Let’s say you sell vitamins for men in their middle age. You don’t want to just say your audience is “middle-aged men”. It’s too broad
You need to create customer personas to really target your marketing.
Customer Personas
Let’s think about middle-aged men and why they’d take vitamins. You probably have the man who takes them because his wife buys them, the health-conscious but not too serious consumer, and the supplement addict.
That’s three people in the same population that you hadn’t flushed out before. For ease, let’s name them.
Carl’s wife buys him vitamins which he dutifully takes. Peter takes a vitamin because he knows he doesn’t eat enough vegetables. Bob is always in the gym and takes pills and powders throughout the day.
You’re not going to market as aggressively to carl as you do to Bob. Why? Because in this example, your target customer isn’t Carl, it’s his wife. She’s the one with the buying power.
If Peter is a customer, you want to exert medium effort. He knows he has choices, but if he finds something that works for him, he’s going to stick to it.
Bob’s money is harder to get. He is educated about what he needs, the specifics of the products, and will go to a new vitamin if he’s not 100% happy quicker than the rest.
You need to spend more time and effort getting Bob’s money. Not only is he a harder sell, but he probably has friends who know he likes supplements and ask him for recommendations.
Now that you know your three personas, we need to talk about the budget. Like we said above, your ad spends will be different for the different personas.
Learn more below.
Budget
To calculate a content creation or marketing budget, you need to look at your goals.
Maybe you’re happy with the amount of Bob type customers you’re getting and want to expand your market to more Peter’s. Maybe you’re a new product and you want to market equally to each persona and see what clicks.
Marketing budgets aren’t all ad spend vs conversions. There are other things to think about like, who will create your content? What are you willing to pay?
If you have someone in-house that does marketing, are they able to create high-quality content as well?
If they can’t add anything else to their plates, you can outsource content creators. You give them information about your target audience and products and they write the blogs.
Or the video scripts or the ad design creative. It’s hard to find one marketing professional that has all those skills in their wheelhouse.
Calculate what you can spend right now on marketing to your personas. Add into your calculations which personas you want to market to more than others.
With this starting guide in mind, keep track of what you spend creating content for each persona. Yes, there can be overlap between the ad copy and creative, but you want to have options.
When it’s time to launch your content (see below) you’ll have an idea of ROI, since you know exactly what each campaign will cost.
Deciding Types of Content
If you scrolled down to this section and didn’t read above, we encourage you to go back and read.
You can have a successful inbound marketing campaign without strategising, but that’s up to lady luck. With your budget and your personas under your belt, it’s time to decide what kind of content you’ll create to reach them.
First, let’s talk about the two main times people pay attention to ads.
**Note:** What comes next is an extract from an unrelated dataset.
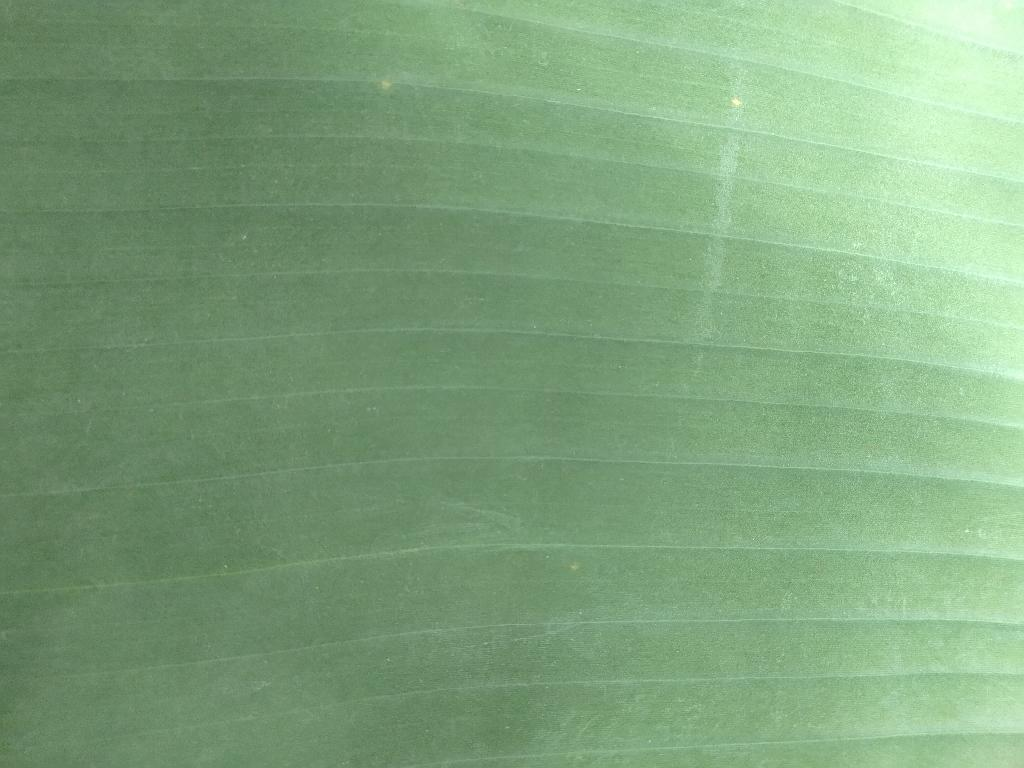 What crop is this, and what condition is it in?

The first is called a pain point. That’s the problem or the annoyance your customer is having that your product solves. The second is once your customer is already in your buying cycle and wants to increase usage or try other products.
The type of content you create needs to be targeted for different intention types.
Types of Content
Google is the king of content. They decide what helps you rank in search engine pages and what their spiders crawl.
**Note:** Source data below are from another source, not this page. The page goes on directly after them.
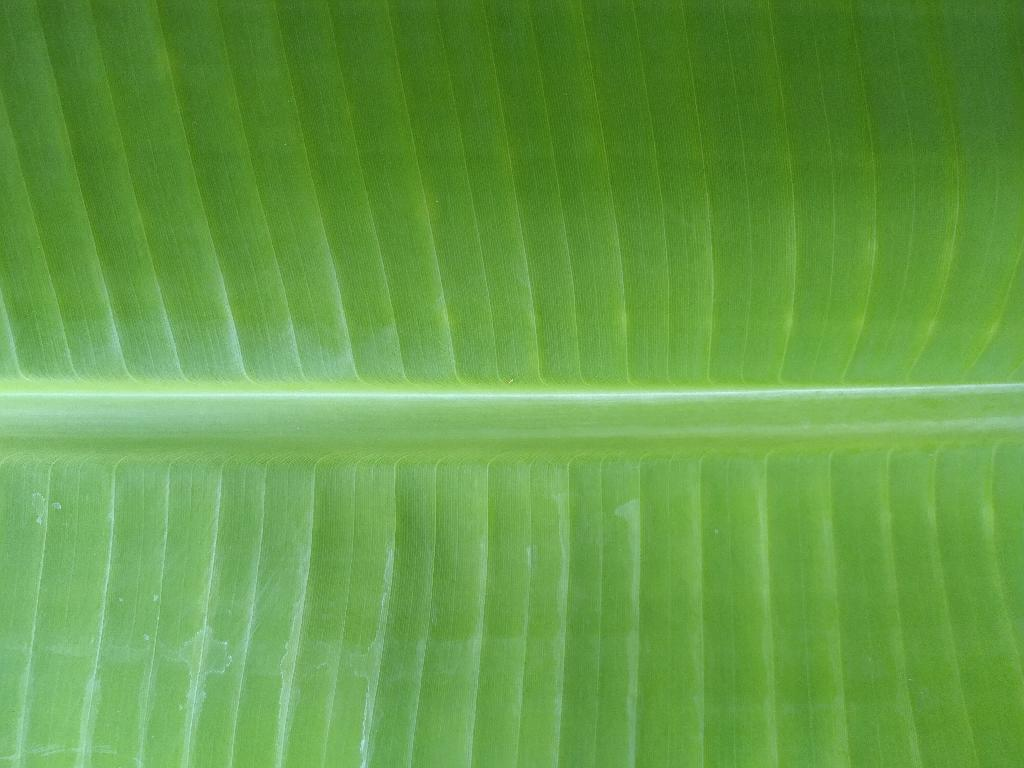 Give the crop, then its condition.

banana, healthy
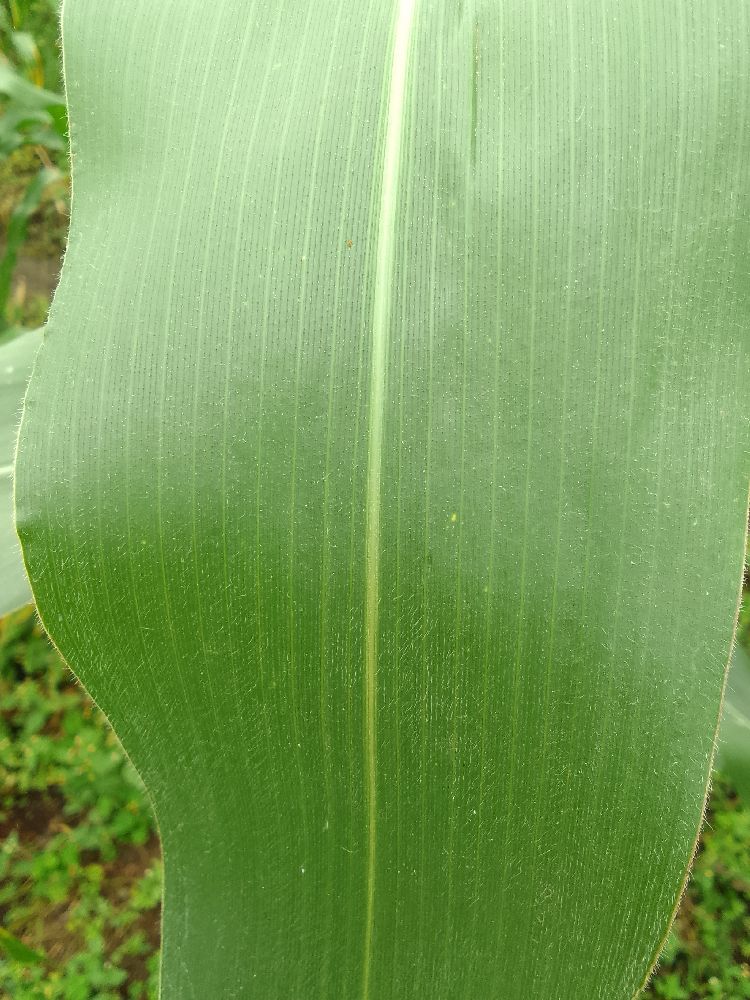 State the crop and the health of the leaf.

maize, healthy
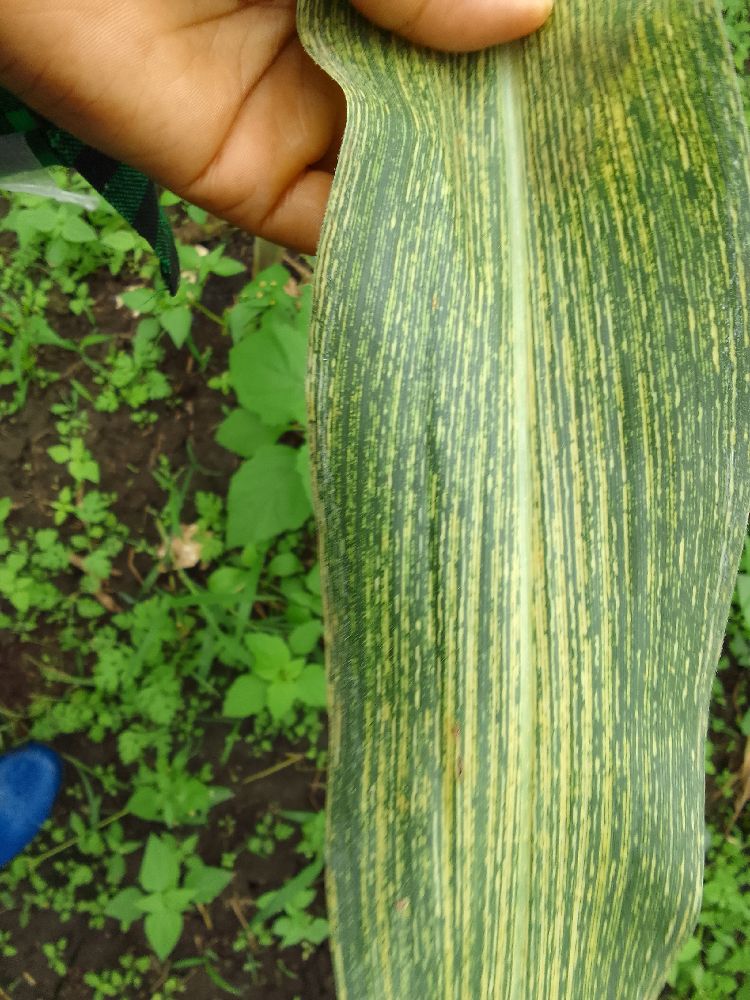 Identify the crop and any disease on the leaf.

maize, maize streak virus
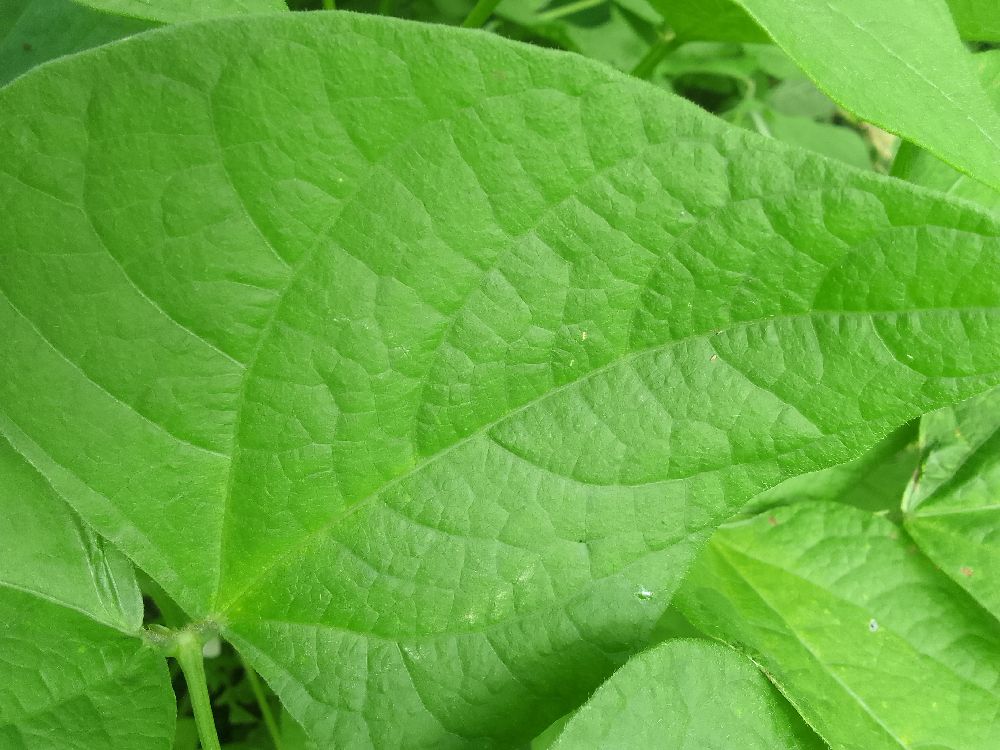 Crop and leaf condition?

common bean, healthy

For a while, marketers were getting away with short and breezy content. Two years ago you could get away with 500-word articles with lots of keywords.
Not anymore. Before we get into the types of content, know that you need to deliver high quality and long-form content.
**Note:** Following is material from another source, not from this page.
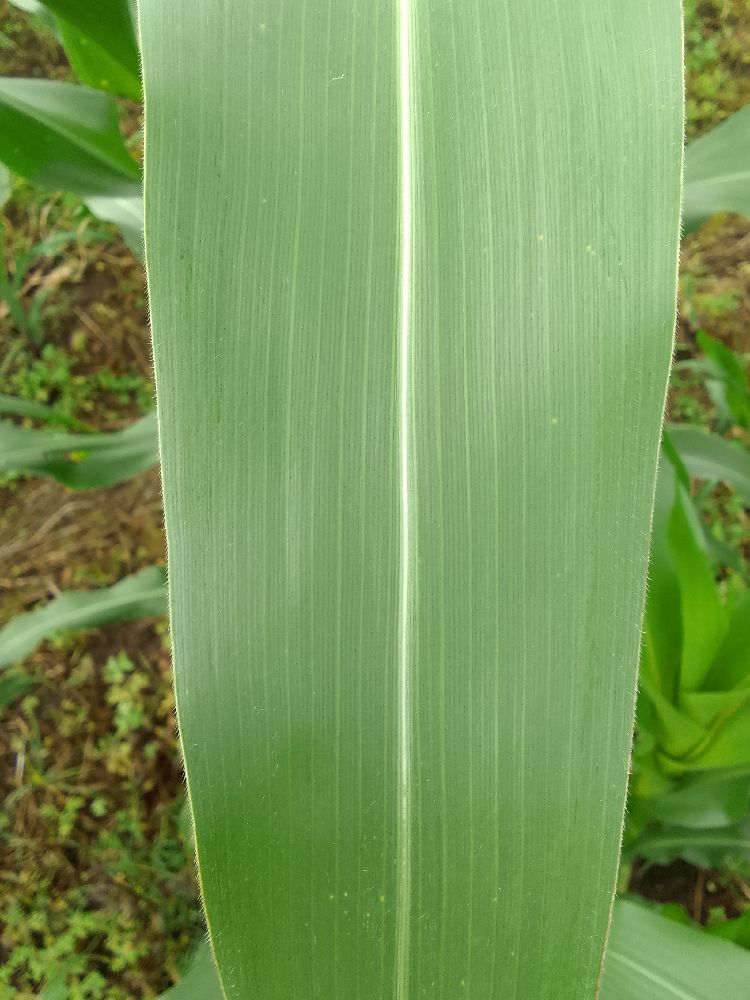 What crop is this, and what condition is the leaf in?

maize, healthy
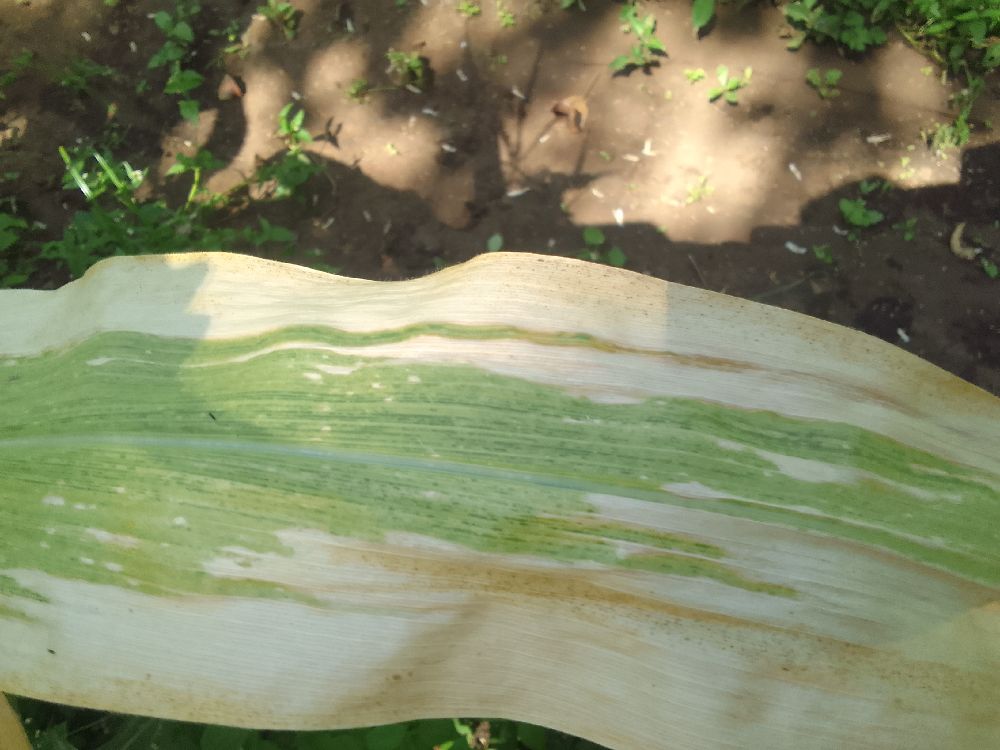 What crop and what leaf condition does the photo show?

maize, maize lethal necrosis

Don’t try to cut corners or Google will cut you off.
Blogs
Blog content in the major content avenue people use to get people to their product pages. The idea is easy. Write about a problem that your product addresses.
So, you could write about how men don’t get enough vitamin whatever once they turn 30. You educate your customers then put in a subtle suggestion to your product at the end.
You can add keywords to your content to further make Google happy, but there’s an issue with this method. Consumers are starting to catch on. Not only that, but the amount of blog content increases exponentially each day.
So, people have come up with other content avenues. The big two that are up and coming right now?
Podcasts and videos.
Why? They deliver value to a client in an easy-to-consume fashion.
Podcasts and Videos
No longer does your customer have to read an article and pay attention to the names and types of vitamins. Why would they when someone is telling them what they want to know?
It’s easy to put a product cameo in a video, but not so easy to do so as a podcast. However, the avenue continues to thrive.
Most people who make money or gain clients from podcasts get their name out there by sponsoring influencers.
If they’re a healthy eating podcast, you could give the broadcaster a check and then they’ll say
“this podcast was brought to you by ___ vitamins”.
It’s customary to give a discount code with the podcast mention, so you can track the ROI of your deposit.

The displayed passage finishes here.